Index: runtime/src/kmp.h
===================================================================
--- runtime/src/kmp.h
+++ runtime/src/kmp.h
@@ -1444,6 +1444,8 @@
 /* keeps tracked of threadprivate cache allocations for cleanup later */
 typedef struct kmp_cached_addr {
   void **addr; /* address of allocated cache */
+  void ***compiler_cache; /* pointer to compiler's cache */
+  void *data; /* pointer to global data */
   struct kmp_cached_addr *next; /* pointer to next cached address */
 } kmp_cached_addr_t;
 
@@ -3774,6 +3776,8 @@
 struct private_common *kmp_threadprivate_insert(int gtid, void *pc_addr,
                                                 void *data_addr,
                                                 size_t pc_size);
+void __kmp_threadprivate_resize_cache(int newCapacity);
+void __kmp_cleanup_threadprivate_caches();
 
 // ompc_, kmpc_ entries moved from omp.h.
 #if KMP_OS_WINDOWS
Index: runtime/src/kmp_runtime.cpp
===================================================================
--- runtime/src/kmp_runtime.cpp
+++ runtime/src/kmp_runtime.cpp
@@ -3508,8 +3508,14 @@
    If any argument is negative, the behavior is undefined. */
 static int __kmp_expand_threads(int nNeed) {
   int added = 0;
-  int old_tp_cached;
-  int __kmp_actual_max_nth;
+  int minimumRequiredCapacity;
+  int newCapacity;
+  kmp_info_t **newThreads;
+  kmp_root_t **newRoot;
+
+// All calls to __kmp_expand_threads should be under __kmp_forkjoin_lock, so
+// resizing __kmp_threads does not need additional protection if foreign
+// threads are present
 
 #if KMP_OS_WINDOWS && !defined KMP_DYNAMIC_LIB
   /* only for Windows static library */
@@ -3525,91 +3531,64 @@
   if (nNeed <= 0)
     return added;
 
-  while (1) {
-    int nTarget;
-    int minimumRequiredCapacity;
-    int newCapacity;
-    kmp_info_t **newThreads;
-    kmp_root_t **newRoot;
-
-    // Note that __kmp_threads_capacity is not bounded by __kmp_max_nth. If
-    // __kmp_max_nth is set to some value less than __kmp_sys_max_nth by the
-    // user via KMP_DEVICE_THREAD_LIMIT, then __kmp_threads_capacity may become
-    // > __kmp_max_nth in one of two ways:
-    //
-    // 1) The initialization thread (gtid = 0) exits.  __kmp_threads[0]

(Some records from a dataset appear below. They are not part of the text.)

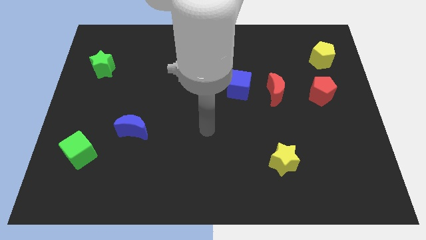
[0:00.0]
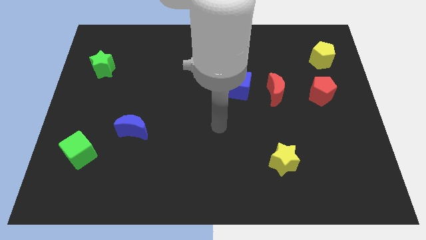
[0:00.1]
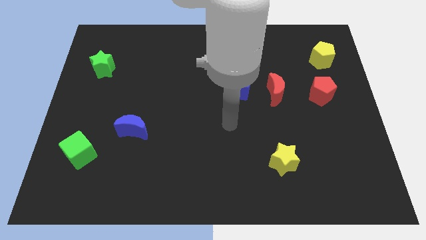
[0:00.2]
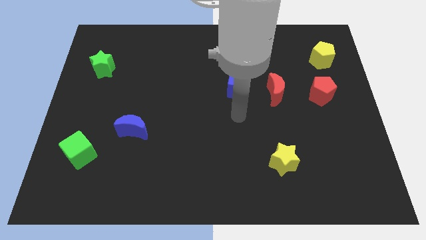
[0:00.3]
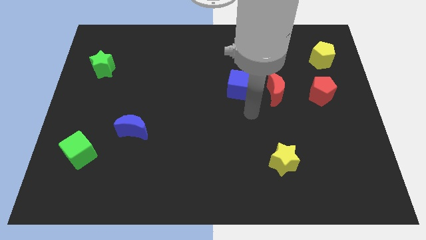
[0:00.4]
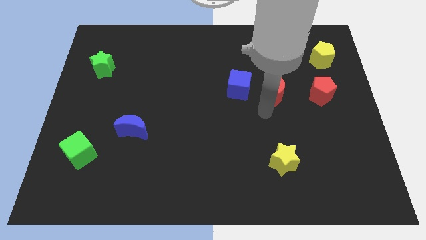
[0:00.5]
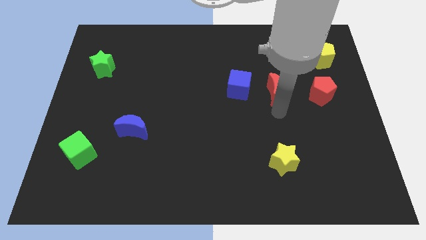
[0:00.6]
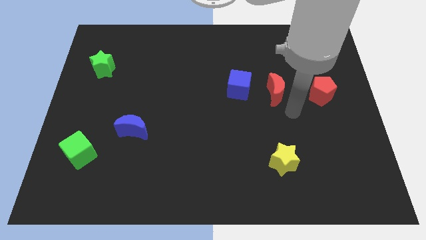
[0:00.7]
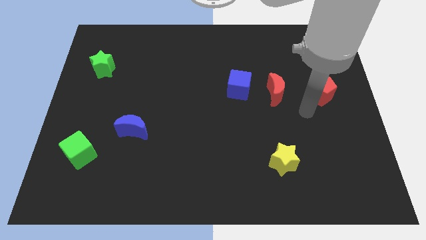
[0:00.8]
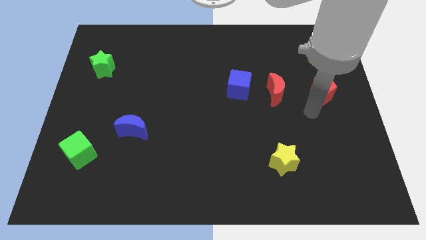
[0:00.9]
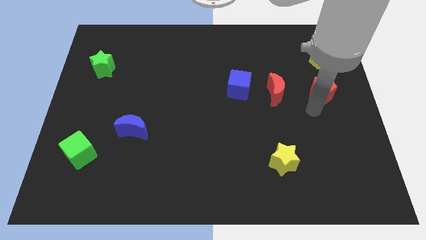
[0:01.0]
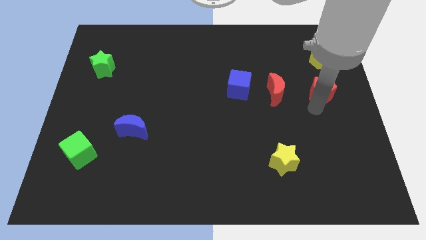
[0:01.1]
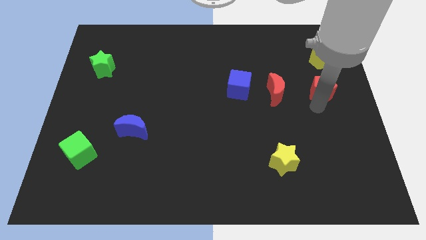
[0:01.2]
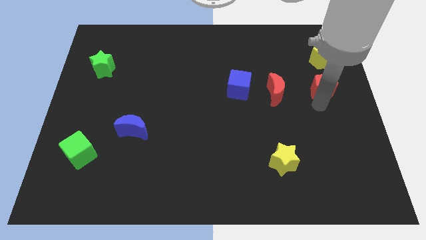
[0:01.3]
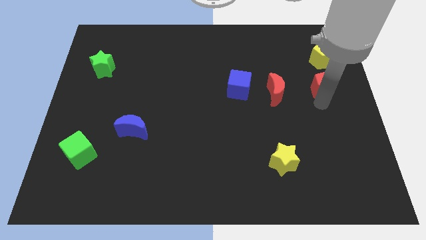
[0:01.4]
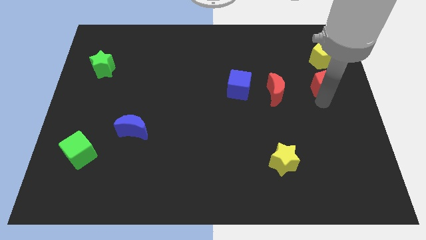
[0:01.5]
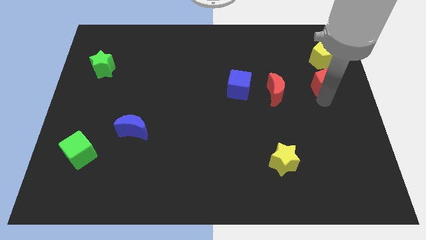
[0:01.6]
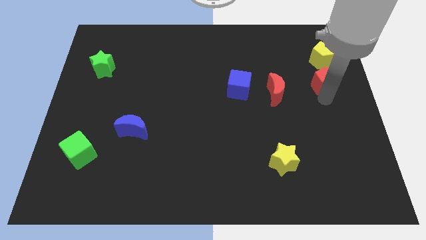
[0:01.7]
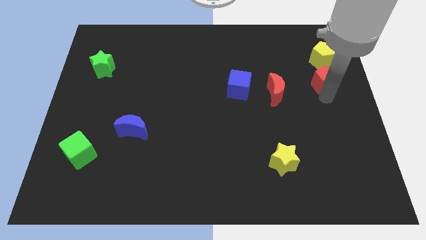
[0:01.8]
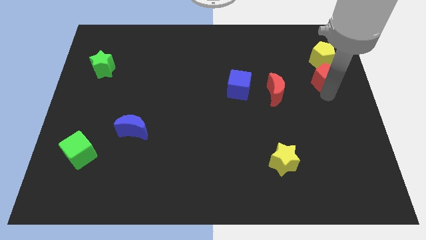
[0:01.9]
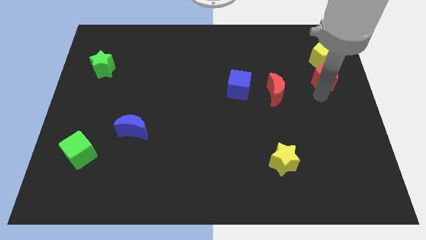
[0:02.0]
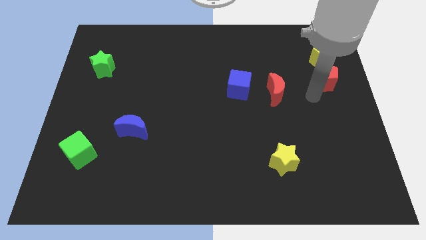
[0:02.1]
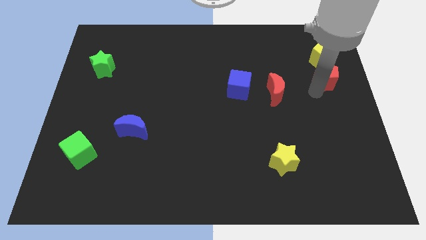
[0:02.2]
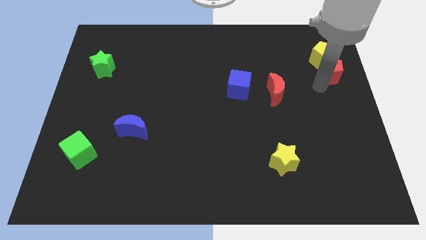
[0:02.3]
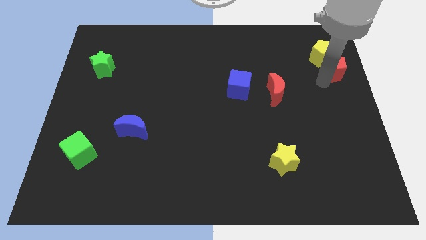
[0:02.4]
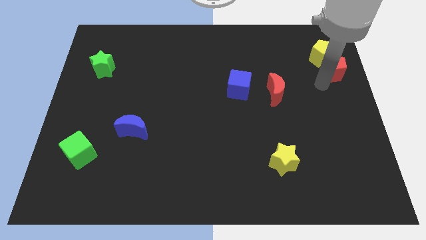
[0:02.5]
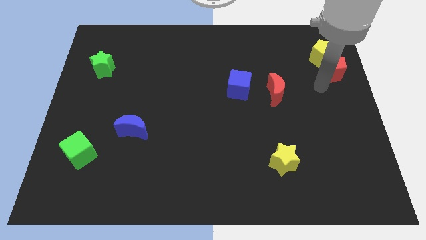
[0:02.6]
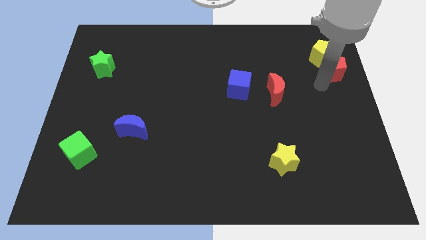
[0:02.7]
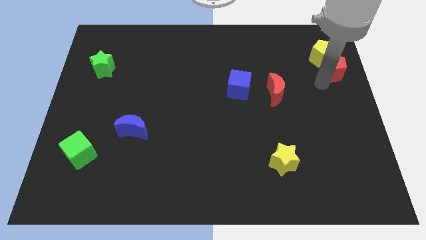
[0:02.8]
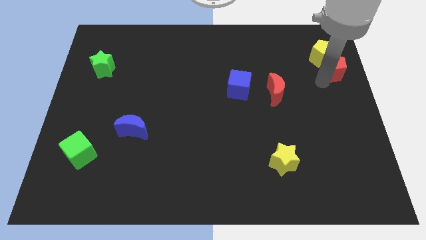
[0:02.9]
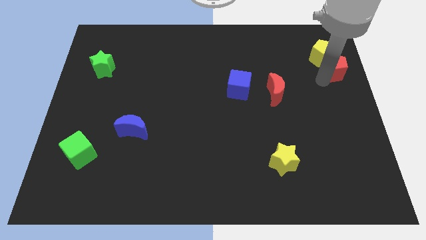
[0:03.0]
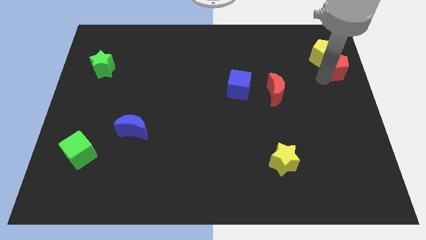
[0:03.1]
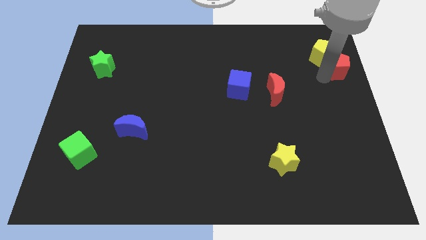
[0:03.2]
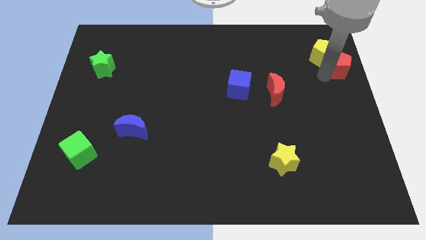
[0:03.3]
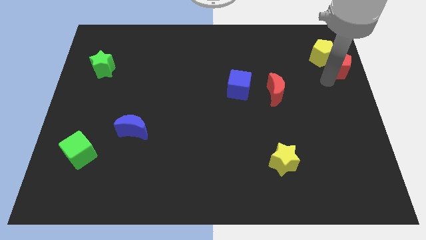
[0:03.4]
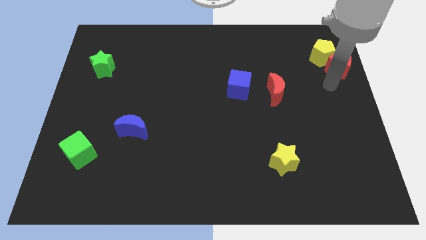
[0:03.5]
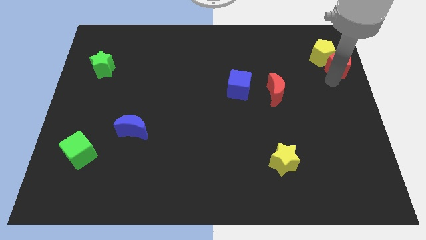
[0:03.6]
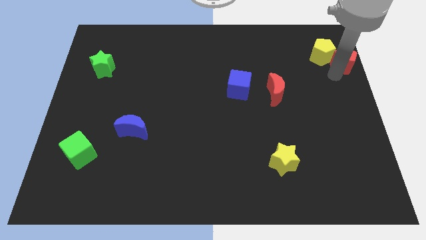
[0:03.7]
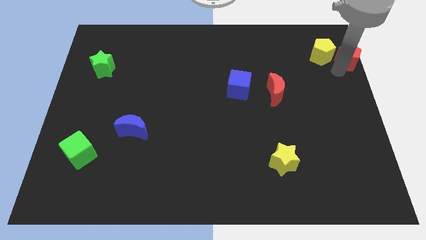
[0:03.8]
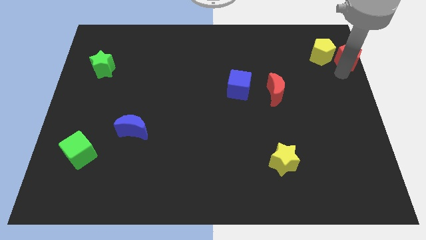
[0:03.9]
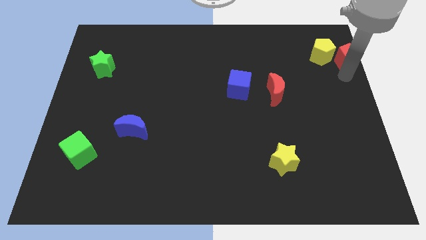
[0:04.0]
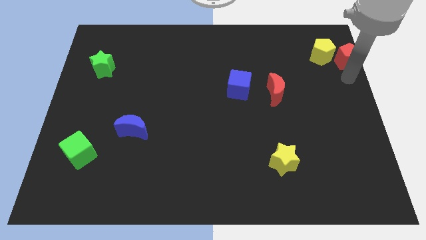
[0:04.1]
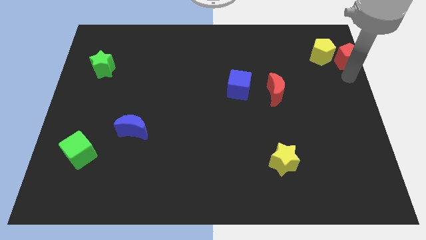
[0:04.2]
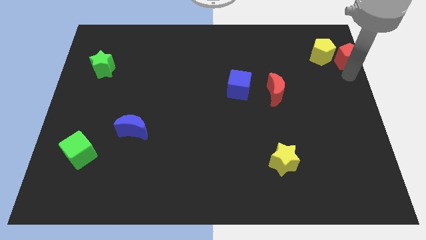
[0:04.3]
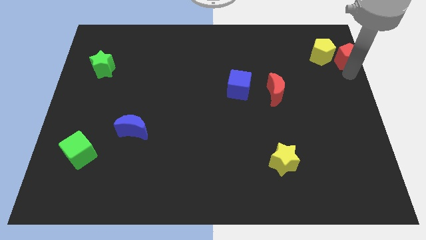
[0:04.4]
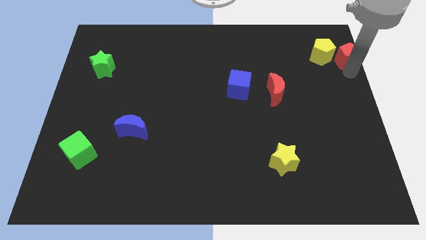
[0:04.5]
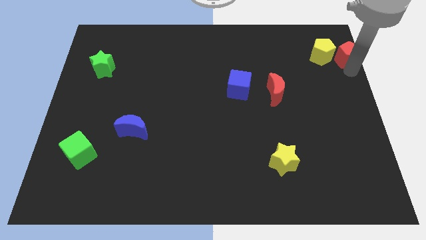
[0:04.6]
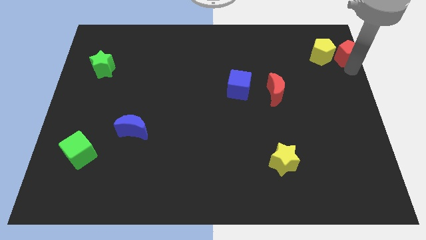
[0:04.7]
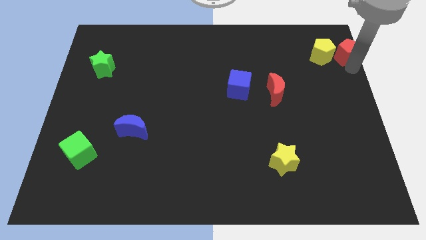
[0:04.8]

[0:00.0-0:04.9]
slide the red pentagon to the top right corner

-    //    may not be resused by another thread, so we may need to increase
-    //    __kmp_threads_capacity to __kmp_max_nth + 1.
-    //
-    // 2) New foreign root(s) are encountered.  We always register new foreign
-    //    roots. This may cause a smaller # of threads to be allocated at
-    //    subsequent parallel regions, but the worker threads hang around (and
-    //    eventually go to sleep) and need slots in the __kmp_threads[] array.
-    //
-    // Anyway, that is the reason for moving the check to see if
-    // __kmp_max_nth was exceeded into __kmp_reserve_threads()
-    // instead of having it performed here. -BB
-    old_tp_cached = __kmp_tp_cached;
-    __kmp_actual_max_nth =
-        old_tp_cached ? __kmp_tp_capacity : __kmp_sys_max_nth;
-    KMP_DEBUG_ASSERT(__kmp_actual_max_nth >= __kmp_threads_capacity);
-
-    /* compute expansion headroom to check if we can expand */
-    nTarget = nNeed;
-    if (__kmp_actual_max_nth - __kmp_threads_capacity < nTarget) {
-      /* possible expansion too small -- give up */
-      break;
-    }
-    minimumRequiredCapacity = __kmp_threads_capacity + nTarget;
+  // Note that __kmp_threads_capacity is not bounded by __kmp_max_nth. If
+  // __kmp_max_nth is set to some value less than __kmp_sys_max_nth by the
+  // user via KMP_DEVICE_THREAD_LIMIT, then __kmp_threads_capacity may become
+  // > __kmp_max_nth in one of two ways:
+  //
+  // 1) The initialization thread (gtid = 0) exits.  __kmp_threads[0]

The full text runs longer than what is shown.